Susan swore me to secrecy then went on to tell how she'd met husband David through the personals. Although he seemed pleasant, she confided, chemistry didn't catch till date three, when they met up at the Space Room and permanently bonded over martinis.

Colleen broke down and shared that her perfect love was really just a guy she'd met online. She wrote an ad looking for a kinky guy who owned a sailboat. Up showed Rick, all in black and carrying a picture of his boat. They married eight months later.

Finally I ran into Sarah of the creamy complexion, amber hair and perfect girl-next-door nose who, without apology, admitted she'd been online dating for a year. "It certainly beats sitting at home and waiting for someone to knock on your door," she laughed. "And when's the last time that ever happened, anyway?"

And at that moment I knew – if these amazing women were losers then I wanted to be a loser, too.

The following night, during a "Survivor" commercial break, I placed the TV on mute and left my couch behind. Straightening my shoulders, I raised my chin and headed into my office. I'd decided to go online to a Web site given thumbs up by my bible, The New York Times, with the idea of meeting as many men as possible. Dating would become a numbers game and I would finally be the one holding the winning hand.

I logged on and pulled down profiles of at least 100 men in their 40s. Some had faces with wrinkles and hairlines that crept backwards. Some wore wide, half-moon smiles, their faces stretched and distorted from trying to hold a digital camera at arm's length as they snapped a series of self-portraits. Some stood next to their children, others next to their children's children.

I looked into the faces of the boys I had grown up with and realized that somewhere along the way their chins had softened and the waists on their Levi's had widened. In the time since I was last dating, the boys had not only turned into men, but into middle-aged men. I began to suspect that the wrinkles and circles under my eyes might be from more than just lack of sleep.

And so I signed up.

I set up automatic monthly withdrawal on my debit card, found myself a made-up name to identify myself without identifying myself, had friends take pictures and argue over which looked most like me and wrote an essay listing my various jobs (waitress, marriage-license clerk, grad-school professor), travels (Tokyo, Botswana, Poland and Paris), traits positive (charming, funny, articulate, direct) and negative (won't share at Chinese restaurants, watches reality TV).

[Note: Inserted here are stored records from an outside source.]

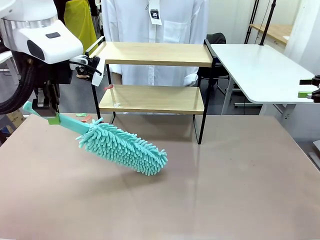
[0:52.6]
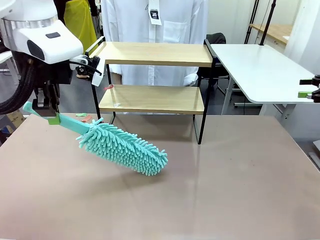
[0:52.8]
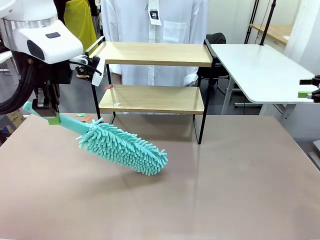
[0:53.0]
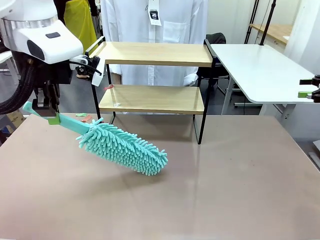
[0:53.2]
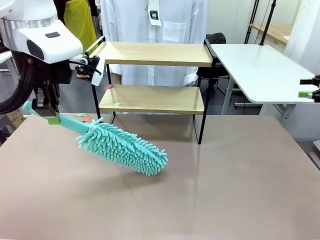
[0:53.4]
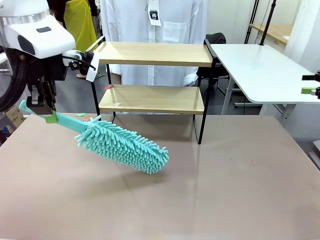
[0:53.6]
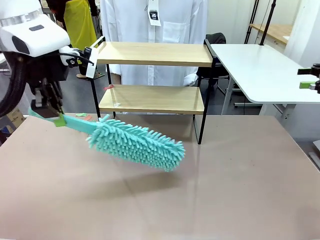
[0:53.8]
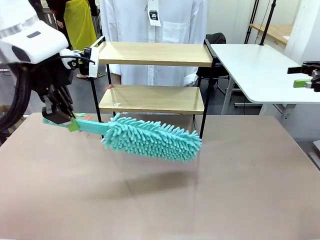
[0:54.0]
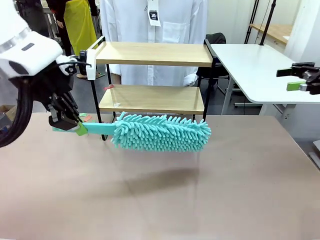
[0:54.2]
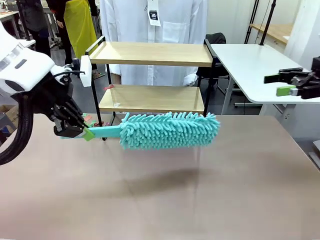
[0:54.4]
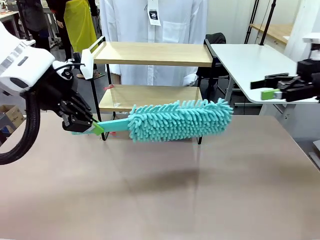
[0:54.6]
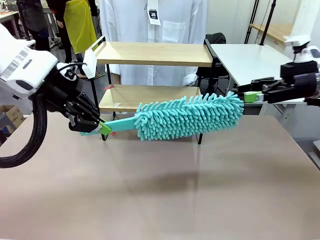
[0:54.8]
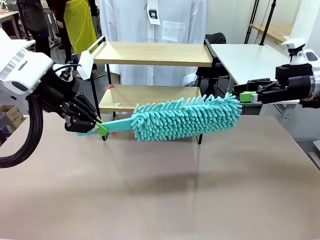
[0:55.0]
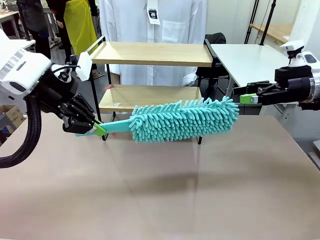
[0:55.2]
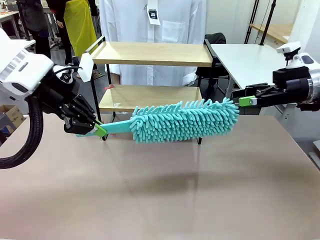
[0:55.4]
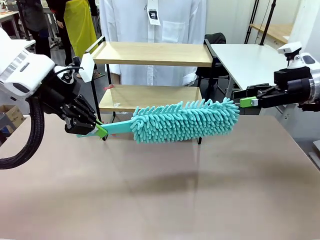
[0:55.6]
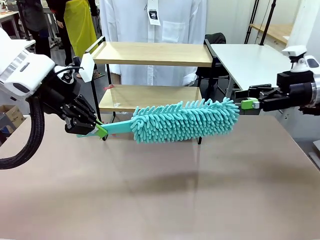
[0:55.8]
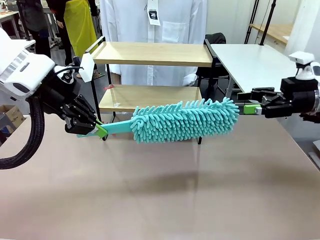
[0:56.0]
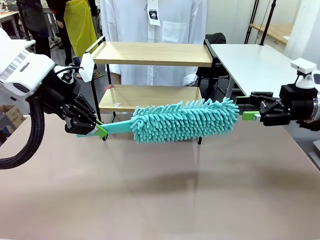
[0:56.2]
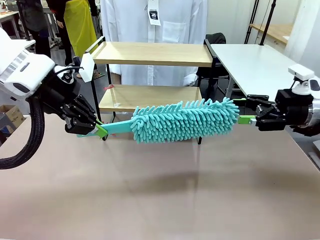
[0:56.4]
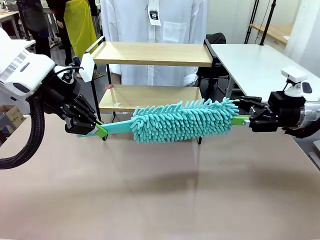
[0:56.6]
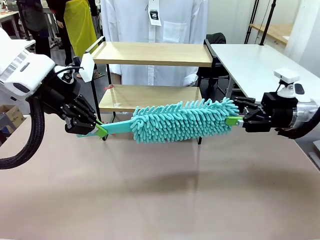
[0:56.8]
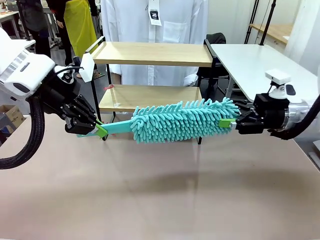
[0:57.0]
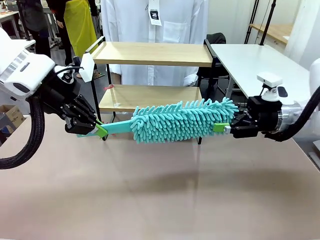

Three months later I'm still online.

I haven't fallen in love or met my soul mate. I've sipped coffee with approximately 15 men between the ages of 40 and 48. I've been told I was beautiful (he choked it out at dinner in between the hush puppies and the blackened catfish), intelligent, sexy and complex (I'm not sure that was meant as a compliment). I've heard 15 different stories, watched 15 different faces and heard 15 different laughs. All first dates have lasted approximately one hour – several felt like five and a couple went by too quickly.

I've kissed one man and cried with another, been taken out and have taken out. I've met Sigmund, the cat who can open a locked cat door, and Mathilda the golden lab who half-sat in my lap outside a Starbucks. I've scanned bookshelves and baseball trophies, analyzed business cards and discussed the finer points of the Intifada. I've eaten chicken Paprikash and snacked on Chex Mix. Drunk champagne and guzzled grapefruit soda.

I've made some friends and found that a little softness around the chin and belly is sexier to me than flat abs and a face without lines. My walk has turned into a strut and my married girlfriends confide that they envy my newfound social life. Suddenly I am a sexy trendsetter, encouraging friends at work to sign up, offering help with profiles and advice on the best coffee shops for a first meeting.

Will I find my match? I don't know. I'm not sure I even care. But right now I like watching my in-box fill with new faces and profiles; new messages from men I may never meet telling me that I am the one they've been waiting for. I like meeting for coffee and deciding whether or not I want dessert.

Right now, I like looking in the mirror and realizing, for the first time in years, that I am still a desirable little match girl.